It would be absurd to install postgres for this functionality but if it's available it offers at least two attractive alternatives.
I'll just put my test file here:
#!/bin/sh
echo "OPTION 1: DATA FULLY IMPORTED in temp table"
time (
< INPUTFILE.csv psql -c "
drop table if exists t;
create temporary table t(i1 int, i2 int, n3 numeric);
copy t from stdin with (format csv, delimiter ',');
copy (
select i1,i2,sum(n3) from t group by i1,i2 order by i1,i2
) to stdout with(format csv, delimiter ',');
"
)
echo "-- OPTION 2: DATA read via Foreign Data Wrapper (file_fdw)"

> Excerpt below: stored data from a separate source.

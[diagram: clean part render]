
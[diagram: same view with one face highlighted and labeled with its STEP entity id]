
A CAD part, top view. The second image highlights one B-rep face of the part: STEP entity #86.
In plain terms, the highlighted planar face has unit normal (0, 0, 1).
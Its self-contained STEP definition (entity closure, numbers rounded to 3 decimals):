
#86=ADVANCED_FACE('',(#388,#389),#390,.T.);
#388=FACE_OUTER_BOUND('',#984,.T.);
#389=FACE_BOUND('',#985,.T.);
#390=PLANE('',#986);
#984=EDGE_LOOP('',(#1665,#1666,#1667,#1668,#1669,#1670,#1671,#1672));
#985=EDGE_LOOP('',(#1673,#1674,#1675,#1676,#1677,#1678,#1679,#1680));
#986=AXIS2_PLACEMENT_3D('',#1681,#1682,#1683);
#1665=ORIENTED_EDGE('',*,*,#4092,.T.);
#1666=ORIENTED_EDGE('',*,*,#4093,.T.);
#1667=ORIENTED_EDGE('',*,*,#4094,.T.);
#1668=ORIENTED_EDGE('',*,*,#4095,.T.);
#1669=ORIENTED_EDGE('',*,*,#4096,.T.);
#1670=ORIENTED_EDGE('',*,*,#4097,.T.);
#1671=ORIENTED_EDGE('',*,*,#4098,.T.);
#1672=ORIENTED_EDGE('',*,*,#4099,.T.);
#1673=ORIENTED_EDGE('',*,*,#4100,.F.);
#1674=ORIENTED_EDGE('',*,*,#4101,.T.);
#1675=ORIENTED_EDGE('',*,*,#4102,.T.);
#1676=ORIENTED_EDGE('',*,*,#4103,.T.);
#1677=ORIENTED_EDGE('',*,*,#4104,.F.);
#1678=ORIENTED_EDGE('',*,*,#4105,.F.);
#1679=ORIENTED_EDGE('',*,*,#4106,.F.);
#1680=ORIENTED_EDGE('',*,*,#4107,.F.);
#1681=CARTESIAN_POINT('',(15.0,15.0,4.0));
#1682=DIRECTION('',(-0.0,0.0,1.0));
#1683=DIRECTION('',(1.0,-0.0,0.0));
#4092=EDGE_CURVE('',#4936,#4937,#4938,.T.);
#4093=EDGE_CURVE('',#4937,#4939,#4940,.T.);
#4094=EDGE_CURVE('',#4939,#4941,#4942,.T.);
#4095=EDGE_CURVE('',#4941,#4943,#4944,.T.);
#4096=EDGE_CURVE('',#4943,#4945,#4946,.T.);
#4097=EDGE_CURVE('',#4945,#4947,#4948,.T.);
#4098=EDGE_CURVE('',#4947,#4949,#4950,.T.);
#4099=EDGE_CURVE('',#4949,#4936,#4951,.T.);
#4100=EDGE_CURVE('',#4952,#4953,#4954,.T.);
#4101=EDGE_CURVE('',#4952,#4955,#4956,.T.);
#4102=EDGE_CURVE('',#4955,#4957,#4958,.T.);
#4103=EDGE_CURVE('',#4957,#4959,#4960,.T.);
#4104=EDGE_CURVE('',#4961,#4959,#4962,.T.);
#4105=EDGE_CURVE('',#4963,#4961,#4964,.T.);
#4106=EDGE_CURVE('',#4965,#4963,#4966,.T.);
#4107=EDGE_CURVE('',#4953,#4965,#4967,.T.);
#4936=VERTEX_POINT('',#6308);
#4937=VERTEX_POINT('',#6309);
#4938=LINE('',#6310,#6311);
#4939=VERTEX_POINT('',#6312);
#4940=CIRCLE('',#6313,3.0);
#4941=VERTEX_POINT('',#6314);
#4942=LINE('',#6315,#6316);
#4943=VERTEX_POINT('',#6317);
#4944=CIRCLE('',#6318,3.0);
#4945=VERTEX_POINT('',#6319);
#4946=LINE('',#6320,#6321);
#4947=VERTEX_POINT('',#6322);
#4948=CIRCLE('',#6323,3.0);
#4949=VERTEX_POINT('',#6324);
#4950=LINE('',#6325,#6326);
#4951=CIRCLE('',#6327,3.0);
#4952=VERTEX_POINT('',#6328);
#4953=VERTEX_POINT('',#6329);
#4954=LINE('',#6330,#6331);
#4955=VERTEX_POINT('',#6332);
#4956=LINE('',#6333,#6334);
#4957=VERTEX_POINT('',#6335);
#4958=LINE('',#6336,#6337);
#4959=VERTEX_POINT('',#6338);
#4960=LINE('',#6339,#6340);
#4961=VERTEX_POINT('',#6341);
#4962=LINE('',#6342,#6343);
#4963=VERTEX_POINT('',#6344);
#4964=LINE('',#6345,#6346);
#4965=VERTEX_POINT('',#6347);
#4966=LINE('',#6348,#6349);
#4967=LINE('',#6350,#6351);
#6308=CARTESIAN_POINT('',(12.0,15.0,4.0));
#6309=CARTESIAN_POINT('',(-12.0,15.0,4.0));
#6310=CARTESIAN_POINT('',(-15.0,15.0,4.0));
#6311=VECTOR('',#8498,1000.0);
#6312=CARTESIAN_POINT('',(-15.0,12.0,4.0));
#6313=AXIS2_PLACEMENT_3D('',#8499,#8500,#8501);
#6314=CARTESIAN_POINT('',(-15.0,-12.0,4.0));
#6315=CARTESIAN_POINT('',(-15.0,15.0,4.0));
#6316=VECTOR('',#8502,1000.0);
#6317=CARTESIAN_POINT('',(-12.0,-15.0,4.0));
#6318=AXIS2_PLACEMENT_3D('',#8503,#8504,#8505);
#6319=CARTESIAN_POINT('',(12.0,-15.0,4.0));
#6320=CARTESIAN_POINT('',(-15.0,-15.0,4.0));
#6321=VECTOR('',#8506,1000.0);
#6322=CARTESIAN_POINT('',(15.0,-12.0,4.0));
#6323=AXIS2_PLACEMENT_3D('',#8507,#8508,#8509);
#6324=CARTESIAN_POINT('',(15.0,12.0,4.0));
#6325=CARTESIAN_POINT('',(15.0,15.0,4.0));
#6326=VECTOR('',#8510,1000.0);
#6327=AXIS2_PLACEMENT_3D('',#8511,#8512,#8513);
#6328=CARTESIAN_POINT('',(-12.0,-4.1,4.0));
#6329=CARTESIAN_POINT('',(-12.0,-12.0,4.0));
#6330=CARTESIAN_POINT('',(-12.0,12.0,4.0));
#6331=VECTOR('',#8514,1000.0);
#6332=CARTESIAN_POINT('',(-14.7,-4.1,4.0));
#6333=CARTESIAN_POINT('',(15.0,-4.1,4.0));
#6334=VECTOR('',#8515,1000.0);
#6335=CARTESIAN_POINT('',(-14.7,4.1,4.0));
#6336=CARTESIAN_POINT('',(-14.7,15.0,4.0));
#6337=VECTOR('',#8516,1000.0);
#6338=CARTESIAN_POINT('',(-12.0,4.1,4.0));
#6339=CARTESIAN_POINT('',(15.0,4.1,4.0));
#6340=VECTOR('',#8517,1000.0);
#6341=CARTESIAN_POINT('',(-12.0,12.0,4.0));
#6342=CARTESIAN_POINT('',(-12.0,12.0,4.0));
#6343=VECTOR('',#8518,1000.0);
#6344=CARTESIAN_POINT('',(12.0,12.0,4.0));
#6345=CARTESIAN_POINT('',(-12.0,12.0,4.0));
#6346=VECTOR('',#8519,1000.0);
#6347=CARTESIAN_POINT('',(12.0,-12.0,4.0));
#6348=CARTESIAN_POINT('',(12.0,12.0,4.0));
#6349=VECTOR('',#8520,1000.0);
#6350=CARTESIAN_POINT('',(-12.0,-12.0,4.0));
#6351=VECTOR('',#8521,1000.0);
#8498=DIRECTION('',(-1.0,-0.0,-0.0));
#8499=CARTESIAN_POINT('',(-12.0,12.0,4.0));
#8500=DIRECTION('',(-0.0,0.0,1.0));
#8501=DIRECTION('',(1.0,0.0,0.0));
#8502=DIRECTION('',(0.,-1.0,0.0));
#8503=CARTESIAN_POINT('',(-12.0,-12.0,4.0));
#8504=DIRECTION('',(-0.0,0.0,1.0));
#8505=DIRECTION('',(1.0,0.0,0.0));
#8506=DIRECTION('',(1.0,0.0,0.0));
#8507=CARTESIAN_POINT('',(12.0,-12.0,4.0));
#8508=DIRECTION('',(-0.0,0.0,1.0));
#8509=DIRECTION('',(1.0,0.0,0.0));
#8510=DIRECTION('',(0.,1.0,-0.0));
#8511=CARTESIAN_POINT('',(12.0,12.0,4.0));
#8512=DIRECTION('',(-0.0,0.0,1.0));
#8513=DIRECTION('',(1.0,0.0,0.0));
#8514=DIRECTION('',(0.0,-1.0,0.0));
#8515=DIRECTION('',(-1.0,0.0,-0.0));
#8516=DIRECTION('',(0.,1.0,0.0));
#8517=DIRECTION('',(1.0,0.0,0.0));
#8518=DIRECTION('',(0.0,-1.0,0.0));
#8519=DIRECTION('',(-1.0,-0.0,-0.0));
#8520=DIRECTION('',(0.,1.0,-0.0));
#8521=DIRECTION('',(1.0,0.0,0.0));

echo " drop foreign table if exists inputfile cascade;
drop server pgcsv cascade; " | psql -qX
time (
echo "
create server pgcsv foreign data wrapper file_fdw;
create foreign table inputfile (
i1 int,
i2 int,
n3 numeric
) server pgcsv
options ( filename '/tmp/INPUTFILE.csv', format 'csv' );
copy (
select i1,i2,sum(n3) from inputfile group by i1,i2 order by i1,
+i2 )
to stdout with(format csv, delimiter ',')
" | psql
)
I thought it was interesting to see the different timings:
-- OPTION 1: DATA FULLY IMPORTED in temp table
real 0m0.048s
user 0m0.002s
sys 0m0.006s
-- OPTION 2: DATA read via file_fdw (foreign data wrapper)
real 0m0.038s
user 0m0.002s
sys 0m0.006s
-- Your program
real 0m0.051s
user 0m0.048s
sys 0m0.003s
Foreign Tables, via Foreign Data Wrapper file_fdw, are handy in the gray area between file and database. There is the next step towards full database via a materialized view (of a foreign table) which offers more real db-features (indexing, for one).